QUESTION IMAGE
Question
write the coordinates of the vertices after a reflection over the line y = 3.
r(□,□)
s(□,□)
t(□,□)
Step1: Find original coordinates
First, identify the original coordinates of \( R \), \( S \), and \( T \) from the graph.
- \( R \): From the grid, \( R \) is at \( (-5, 5) \) (x = -5, y = 5). Wait, no, looking at the grid: Wait, the y - axis line \( y = 3 \) is the reflection line. Wait, let's re - check the coordinates. Wait, the original points: Let's see, \( R \) is at \( (-5, 5) \)? Wait, no, the grid lines: the x - coordinate of \( R \) is -5? Wait, no, looking at the graph, \( R \) is at \( (-5, 5) \)? Wait, no, the y - coordinate of \( R \) is 5? Wait, the reflection line is \( y = 3 \). Wait, maybe I made a mistake. Let's re - examine: The original points: \( R \): x = -5, y = 5? Wait, no, the grid: each square is 1 unit. Let's see, \( S \) is at \( (0, 5) \)? Wait, no, the graph shows \( S \) at (0,5)? Wait, no, the reflection line is \( y = 3 \). Wait, maybe the original coordinates are: \( R(-5, 5) \), \( S(0, 5) \), \( T(-6, 10) \)? Wait, no, let's look again. Wait, the y - axis (vertical) and x - axis (horizontal).
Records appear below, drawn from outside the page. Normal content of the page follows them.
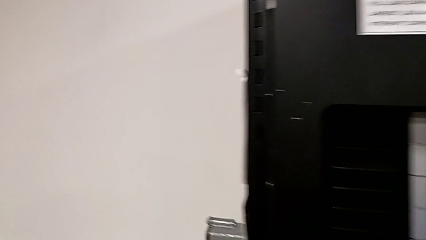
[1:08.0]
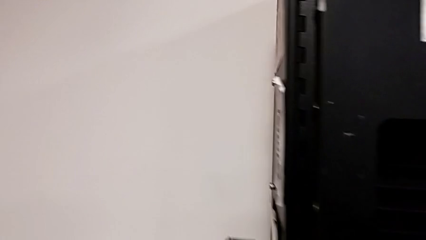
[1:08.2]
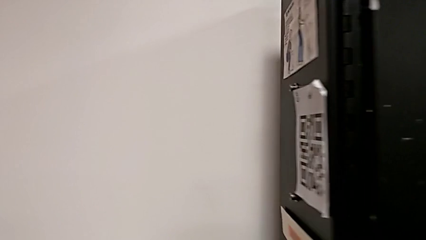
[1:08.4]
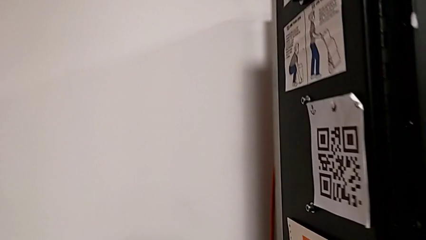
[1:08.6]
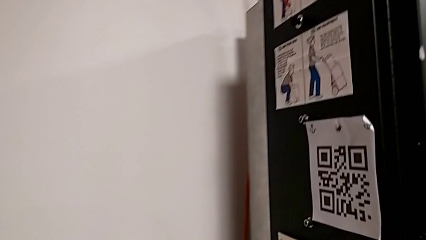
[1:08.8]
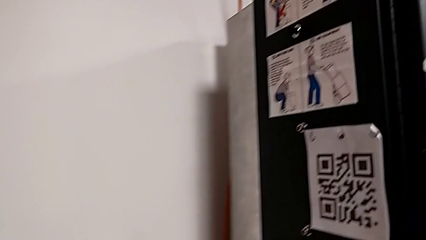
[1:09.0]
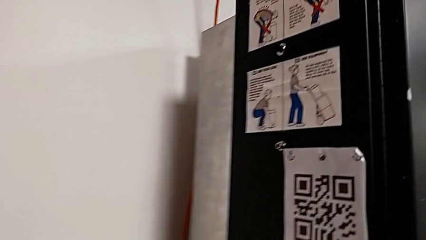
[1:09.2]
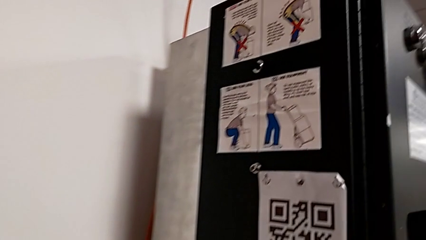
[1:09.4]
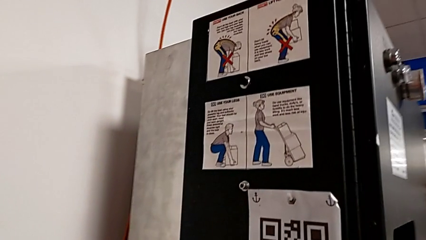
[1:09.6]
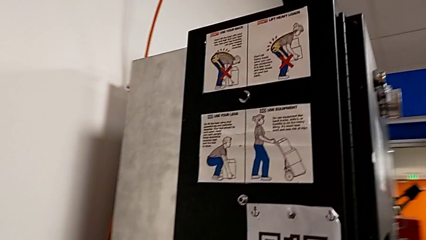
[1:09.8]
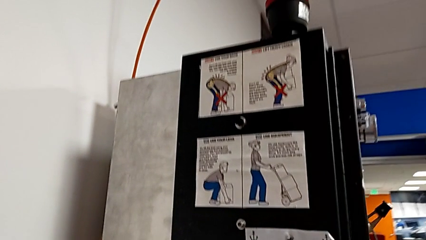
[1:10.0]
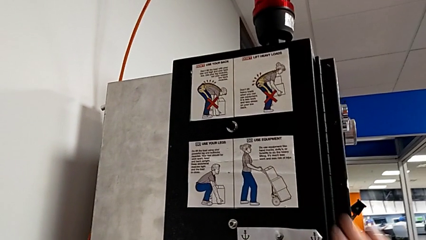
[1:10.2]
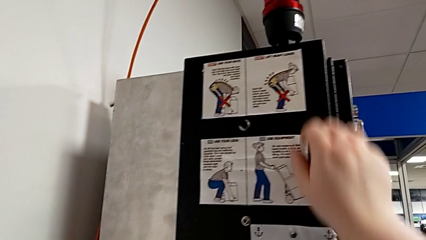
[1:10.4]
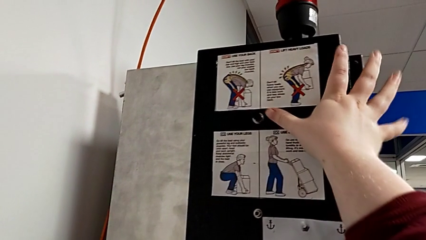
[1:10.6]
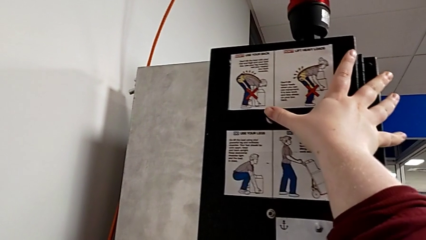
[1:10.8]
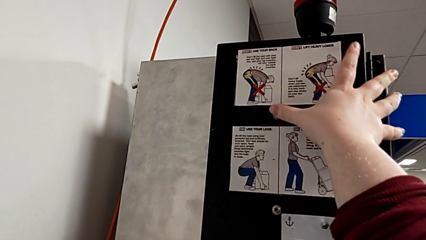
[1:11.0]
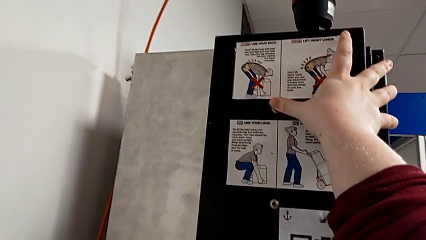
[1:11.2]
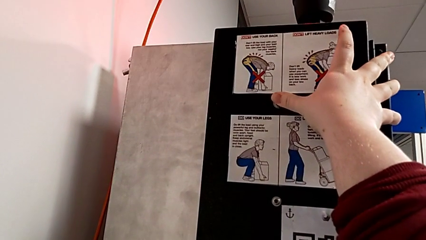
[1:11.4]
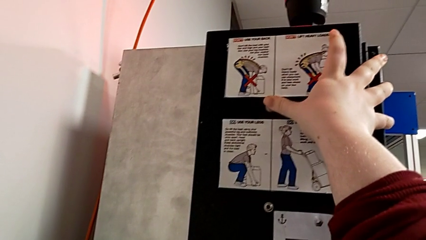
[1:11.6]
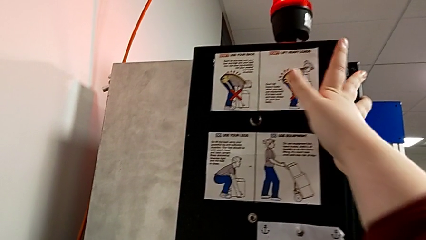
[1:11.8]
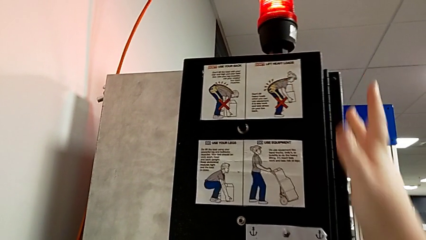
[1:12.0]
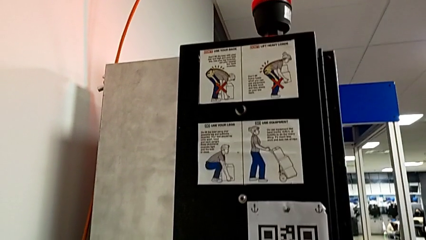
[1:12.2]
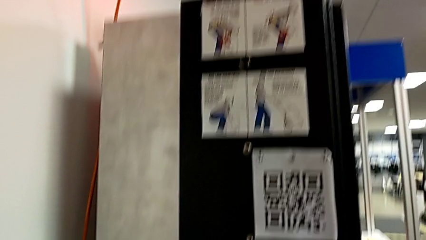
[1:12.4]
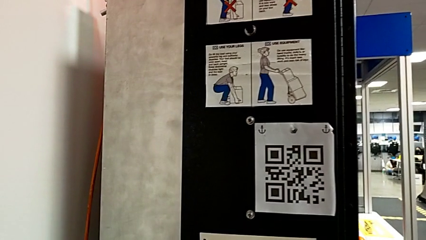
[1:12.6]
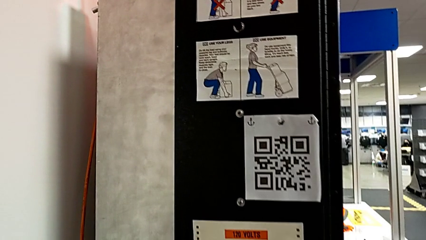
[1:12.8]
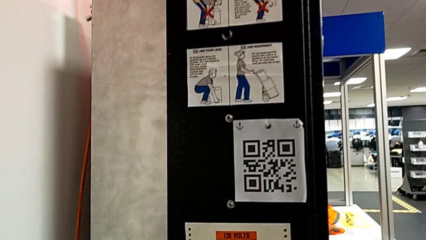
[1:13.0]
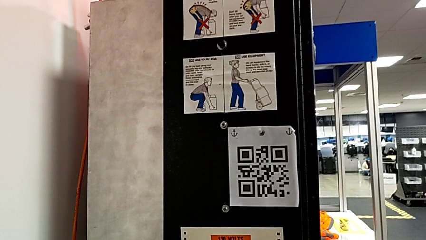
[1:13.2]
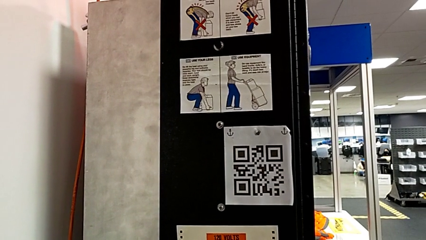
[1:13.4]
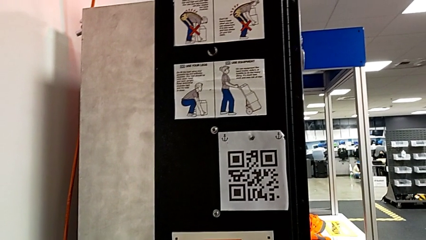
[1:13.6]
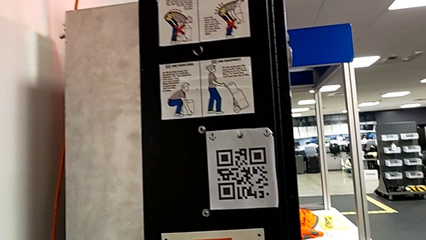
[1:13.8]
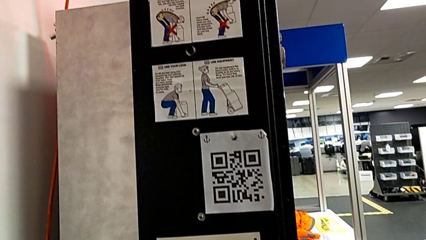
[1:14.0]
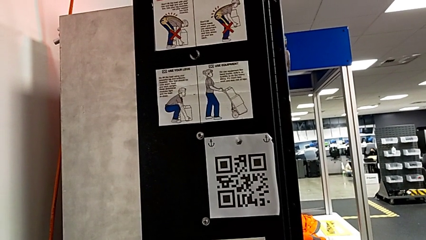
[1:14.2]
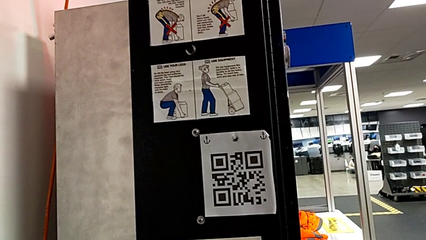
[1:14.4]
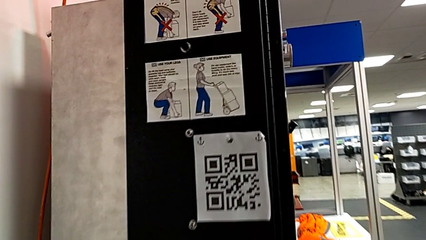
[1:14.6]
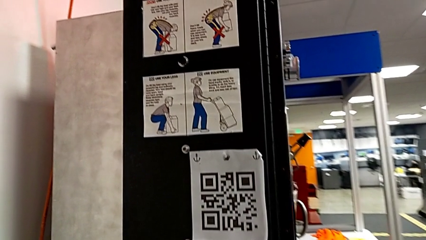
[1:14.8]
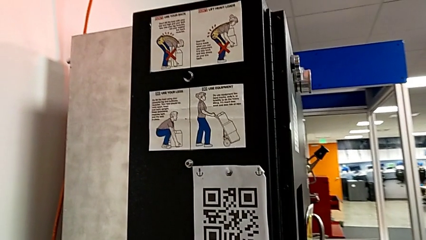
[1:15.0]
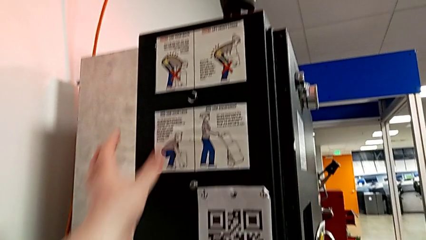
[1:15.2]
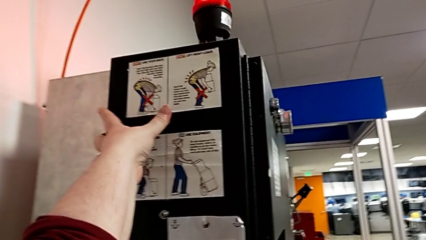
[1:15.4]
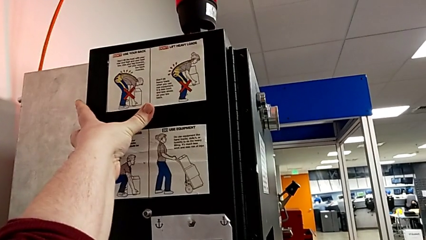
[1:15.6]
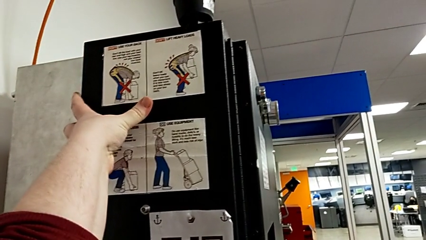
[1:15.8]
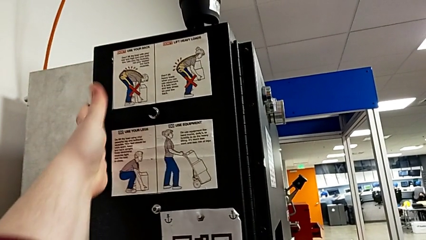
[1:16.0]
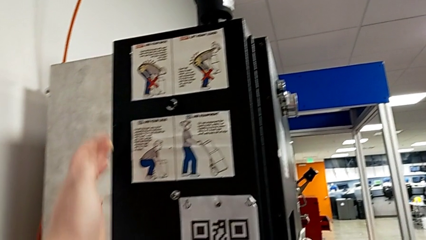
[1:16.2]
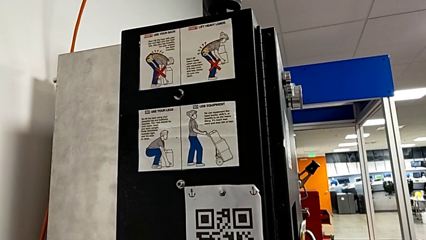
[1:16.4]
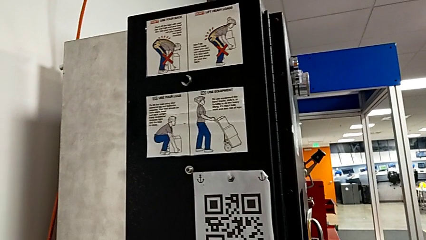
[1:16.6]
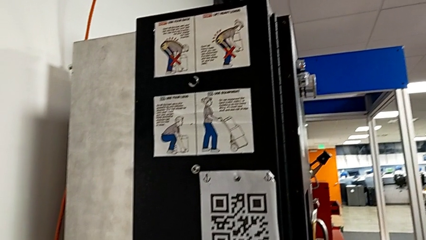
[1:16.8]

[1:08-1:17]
The camera wearer resets the circuit breaker. They press the reset button twice.

Let's correctly identify:
- \( R \): x = -5, y = 5 (since it's 5 units up from x - axis, x = -5).
- \( S \): x = 0, y = 5 (on the y - axis, y = 5).
- \( T \): x = -6, y = 10 (x = -6, y = 10).
Step2: Reflection over \( y = 3 \)
The formula for reflecting a point \( (x, y) \) over the horizontal line \( y = k \) is \( (x, 2k - y) \). Here, \( k = 3 \), so the new y - coordinate is \( 2\times3 - y=6 - y \), and the x - coordinate remains the same.
For point \( R(-5, 5) \):
New y - coordinate: \( 6 - 5 = 1 \). So \( R'(-5, 1) \).
For point \( S(0, 5) \):
New y - coordinate: \( 6 - 5 = 1 \). So \( S'(0, 1) \).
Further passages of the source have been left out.